2.- We update or create the grouped data, this is included in the summary property.


"summary": {
    "filter": {
        "itemId": "{{doc.itemId}}",
        "month": "{{doc.month|number}}",
        "year": "{{doc.year|number}}"
    },
    "options": {
        "upsert": true
    },
    "update": {
        "$inc": {
            "total": "{{doc.total|number}}"
        },
        "$set": {
            "expiresAt": "{{ctx.expiration|expires}}",
            "month": "{{doc.month|number}}",
            "updatedAt": "{{__DATE_NOW__}}",
            "year": "{{doc.year|number}}"
        }
    }
}

The doc prefix refers to the result of the previous execution of match. Once the summary has been executed, we will already have in the dataSummaryCollection data to query if they comply or not with the filter.

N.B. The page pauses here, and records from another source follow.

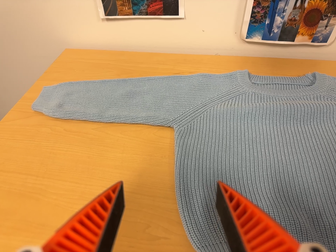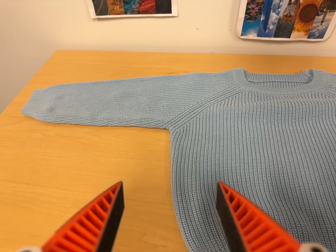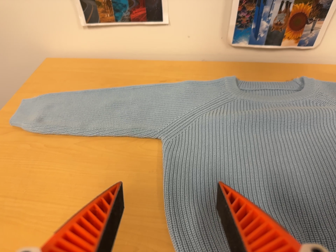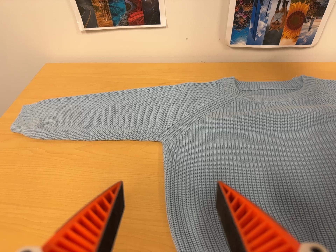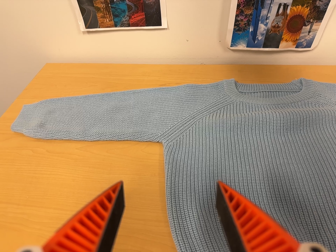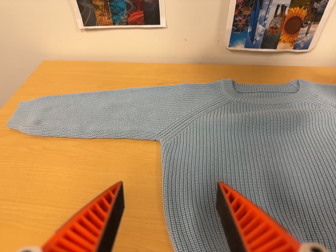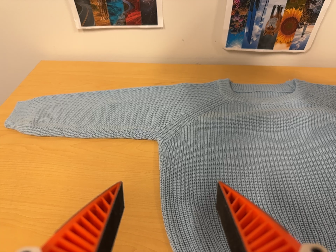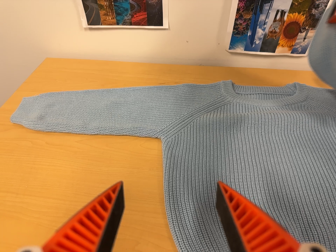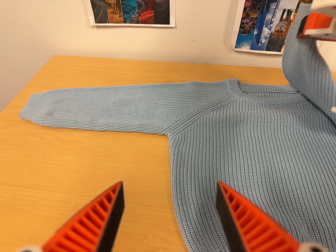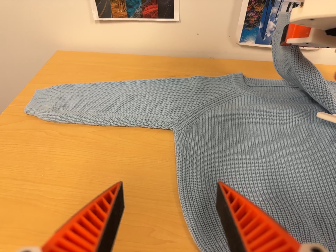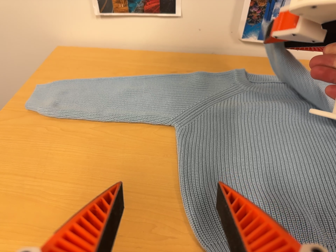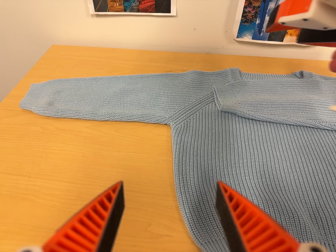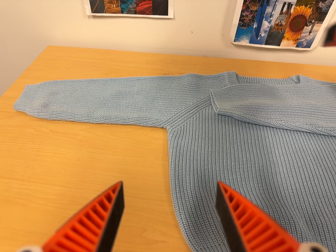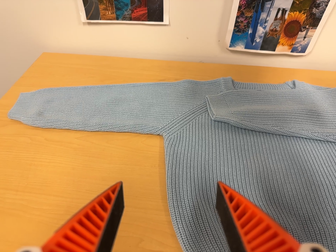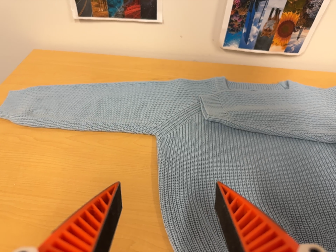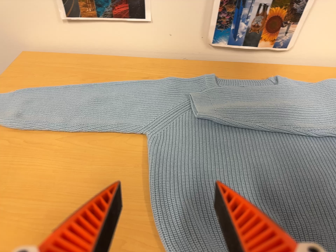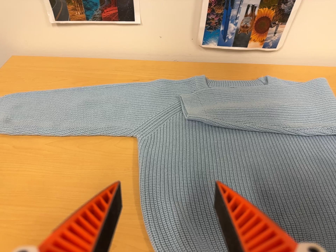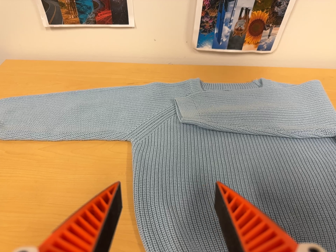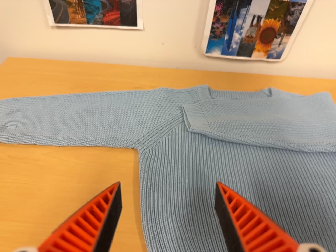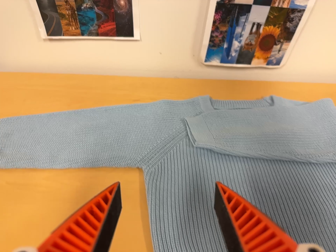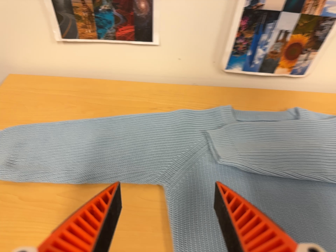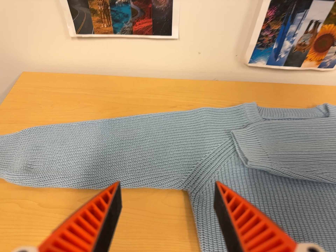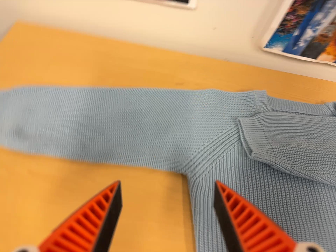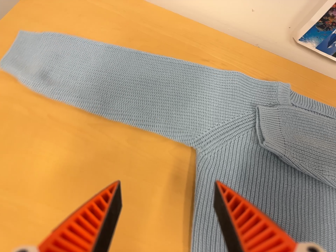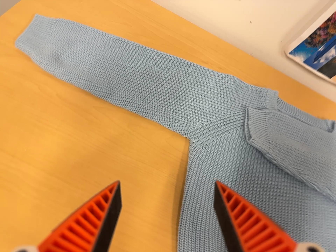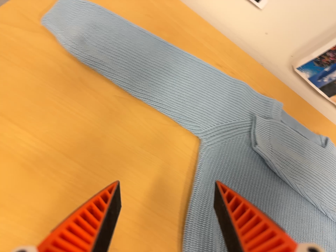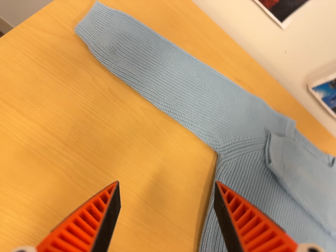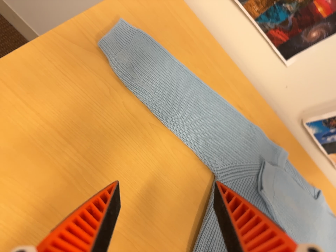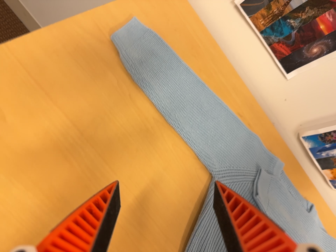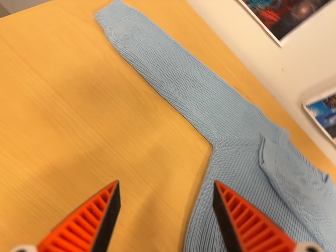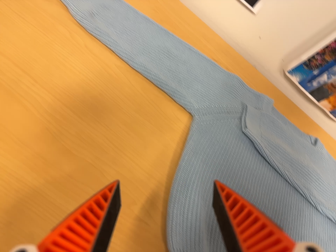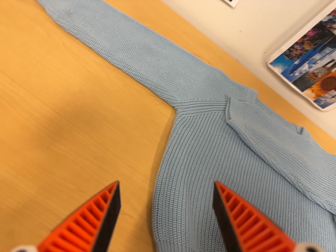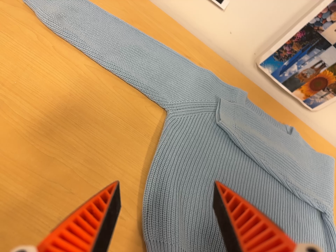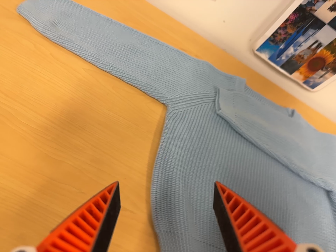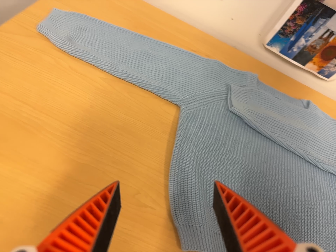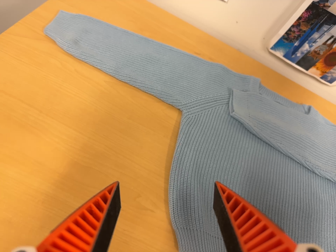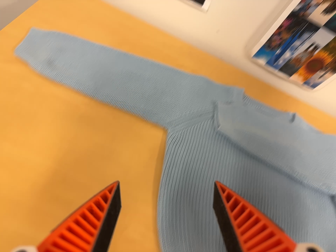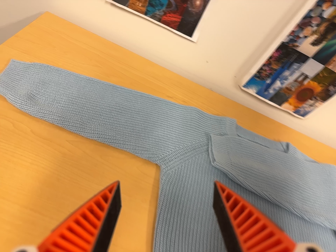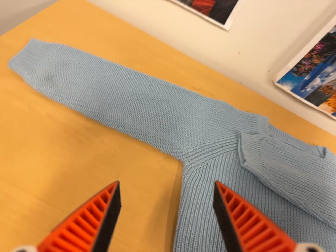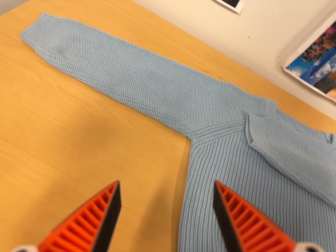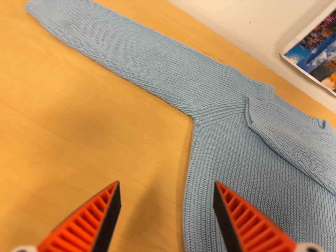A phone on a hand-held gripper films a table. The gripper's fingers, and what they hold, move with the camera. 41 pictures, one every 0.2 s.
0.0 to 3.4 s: The camera shifts only a little, or ends up much as it began.
3.4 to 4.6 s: The camera travels to its left, toward the top of its view and forward, about 22 cm, so close, fixed things drift to the right. Its aim tips toward the bottom of its view by about 15 degrees. It rolls about its line of sight by about 20 degrees, and the scene rotates clockwise.
4.6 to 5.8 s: The camera travels to its left, toward the bottom of its view and backward, about 18 cm. It rolls about its line of sight by about 25 degrees, and the scene rotates clockwise.
5.8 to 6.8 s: The camera travels to its right and toward the bottom of its view, about 12 cm, so close, fixed things drift to the left. It rolls about its line of sight by about 20 degrees, and the scene rotates counterclockwise.
6.8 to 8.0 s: The camera travels forward and to its left, about 9 cm, so what stands in front looms larger.
The film runs forward here.

3.- Obtain the data that meet the filter. summaryFilter


"summaryFilter": {
    "filter": {
        "month": "{{ctx.month|number}}",
        "total": {
            "$gt": "{{vars.llm_execution_limit|number}}"
        },
        "year": "{{ctx.year|number}}"
    },
    "options": {
        "projection": {
            "_id": 0,
            "itemId": 1,
            "month": 1,
            "total": 1,
            "year": 1
        }
    }
}

In this case it looks for records that comply with the current month and year and that exceed the limit configured in vars.llm_execution_limit. The filter engine API stores the elements that exceed the filter in a cache each time the dataSummaryCollection is updated.

Check filters

Filters can be queried via Configuration API calls: https://ENV.auracognitive.com/aura-services/v2/routing-filters/FILTER_ID/items/ITEM_ID, or within a context filter.

Example:

{
  "name": "tvCustomRecommendation",
  "dialogs": [
    {
      "id": "tv-custom-recommendation",
      "onlyIn": [
        "set-top-box"
      ],
      "allowAnonymous": true,
      "triggerConditions": [
        {
          "intent": "intent.tv.custom_recommendation",
          "contextFilters": [
            {
              "name": "limit-num-messages-LLM-user",
              "type": "RoutingByFilter",                             <-- Set the type
              "conditions": "4a879583-5f76-4e6b-87c1-6250e8743dda",  <-- FilterId
                "name": "send-custom-messsage",
                "breakDialogExecution": true,
                "breakFilterEval": true,
                "redirectToIntent": "intent.send-custom-message",
                "resource": "intent.send-custom-message:default.message",
                "removeBypass": true,                                <-- Remove bypass
                "suggestions": false
              }
            }
          ],
          "settings": {
            "action": "noAction",
            "sound": "positive",
            "type": "common"
          }
        }
      ],
      "bypass": {
        "duration": 4,
        "payloadName": "openai",
        "initialData": {},
        "recognizersEnabled": true,
        "recognizersBreakIntents": {
          "intent.tv.display": [
            "[Display Channel]",
            "[Display Contents]"
          ],
          "intent.navigation.section_show": [
            "[Sections]"
          ]
        }
      }
    },

To include a filter inside a context filter the following properties must be included:

  • type: Must have the type “RoutingByFilter “.
  • conditions: It must have the id of the Filter we want to consult.

If the dialog has an associated Bypass it is important to add “removeBypass”: true inside the “true “ property.